4.4. Preparation of Collagen Hydrogels with Encapsulated F. cernua Extracts
Type I collagen, enzymatically extracted from porcine dermis (Municipal slaughterhouse, Saltillo, Mexico) and characterized by molecular weights of 220,000 Da and 110,000 Da, was used at a fixed concentration of 6 mg·mL−1, following the methodology previously reported by [92]. The crosslinking agent consisted of a waterborne polyurethane synthesized via the reaction between glycerol ethoxylate and hexamethylene diisocyanate (HDI), as described in [92,93]. The fermented extracts obtained in the earlier phase were first processed by rotary evaporation to remove the ethanol content. Subsequent centrifugation and filtration steps were employed to eliminate any remaining spores. To ensure sterility, hydrogen peroxide was added at a concentration of 10 µL per 100 mL of extract, followed by a 10 min exposure to ultraviolet (UV) light under a laminar flow hood. The pH of the sterilized extracts was adjusted to 7.21 before incorporation.
Hydrogel synthesis was carried out by thoroughly mixing the extracts with collagen in varying proportions to achieve final concentrations of 7 wt.%, 14 wt.%, and 21 wt.% (w/w with respect to collagen) of extracts. From this mixture, 1 mL was dispensed into each well of a 24-well culture plate. The crosslinking step was initiated by adding 30 wt.% waterborne polyurethane (relative to the collagen content), and 200 µL of 10× phosphate-buffered saline (PBS) was incorporated to adjust the reaction pH to 7.4. The entire formulation was mixed uniformly and incubated at 37 °C for 4 h to allow for complete gelation [94]. The specific compositions and formulations of the hydrogel systems containing immobilized F. cernua extracts are detailed in Table 3.
Table 3.
Collagen hydrogel compositions with encapsulated bioactive extracts from F. cernua.
4.5. Study of the Structure and Properties of Hydrogels
To evaluate the integration of the extracts within the polymeric matrix and possible structural modifications, several analytical techniques were applied.
After complete gelation, the hydrogels were used in their hydrated state for swelling, gelation kinetics, rheological analyses, and biological response.
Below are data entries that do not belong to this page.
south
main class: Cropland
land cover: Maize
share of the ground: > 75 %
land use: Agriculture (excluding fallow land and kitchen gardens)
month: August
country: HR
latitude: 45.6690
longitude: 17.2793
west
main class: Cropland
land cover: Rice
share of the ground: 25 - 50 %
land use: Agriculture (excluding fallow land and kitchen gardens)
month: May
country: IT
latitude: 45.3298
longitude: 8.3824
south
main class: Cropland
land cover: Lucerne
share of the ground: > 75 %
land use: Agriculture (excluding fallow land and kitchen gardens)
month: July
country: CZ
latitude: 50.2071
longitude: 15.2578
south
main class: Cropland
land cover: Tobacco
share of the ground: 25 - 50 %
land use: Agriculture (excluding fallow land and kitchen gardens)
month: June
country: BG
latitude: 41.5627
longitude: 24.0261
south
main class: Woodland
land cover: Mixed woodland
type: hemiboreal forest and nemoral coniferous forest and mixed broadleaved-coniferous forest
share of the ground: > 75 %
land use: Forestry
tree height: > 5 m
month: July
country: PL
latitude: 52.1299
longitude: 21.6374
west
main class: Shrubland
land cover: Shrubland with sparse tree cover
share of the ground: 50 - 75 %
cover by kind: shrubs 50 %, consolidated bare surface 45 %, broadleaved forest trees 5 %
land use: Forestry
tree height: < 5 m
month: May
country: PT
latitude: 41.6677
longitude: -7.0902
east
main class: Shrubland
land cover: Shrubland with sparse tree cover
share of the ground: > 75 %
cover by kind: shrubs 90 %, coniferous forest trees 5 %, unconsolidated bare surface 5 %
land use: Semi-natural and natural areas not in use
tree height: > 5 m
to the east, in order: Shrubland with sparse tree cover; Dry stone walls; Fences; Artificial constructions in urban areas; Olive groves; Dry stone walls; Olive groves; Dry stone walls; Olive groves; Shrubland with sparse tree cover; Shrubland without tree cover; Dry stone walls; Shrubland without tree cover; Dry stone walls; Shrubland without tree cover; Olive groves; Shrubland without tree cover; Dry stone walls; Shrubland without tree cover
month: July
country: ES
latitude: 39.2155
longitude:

For structural and physicochemical characterization, selected samples were converted into xerogels by controlled drying at room temperature under ambient conditions (25 °C) until constant weight was achieved (48 h). This dehydration step was performed exclusively for analytical purposes and did not alter the intended hydrated application of the materials. Drying was carried out without vacuum or thermal treatment to minimize structural collapse.
4.5.1. Structural and Chemical Characterization
The internal architecture and surface morphology of the xerogels were analyzed using scanning electron microscopy (SEM). Dried hydrogel samples (100 mg) were adhered to carbon-coated aluminum stubs to minimize charge interference and examined under a JEOL JSM-7600F microscope (JEOL Ltd., Tokyo, Japan)to assess porosity and extract dispersion. SEM observations were carried out under high-vacuum conditions using xerogels, as water-free samples are required for imaging. The resulting micrographs were used to qualitatively assess relative morphological features rather than to directly represent the hydrated hydrogel structure.
Fourier-transform infrared (FTIR) spectroscopy was used to detect functional group variations following extract immobilization. Spectra were acquired on a Perkin Elmer Frontier spectrometer (PerkinElmer Inc., Waltham, MA, USA) with a diamond attenuated total reflectance (ATR) accessory. Each sample was scanned 16 times at a resolution of 16 cm−1, within the 4000–600 cm−1 range.
To assess possible changes in molecular organization and crystallinity, X-ray diffraction (XRD) analysis was performed on xerogel samples using an Anton Paar SAXS-Emc2 system equipped with a Cu Kα source (λ = 1.54 Å) (Anton Paar GmbH, Graz, Austria). The analysis allowed identification of amorphous or crystalline regions and how these were affected by increasing concentrations of encapsulated extracts.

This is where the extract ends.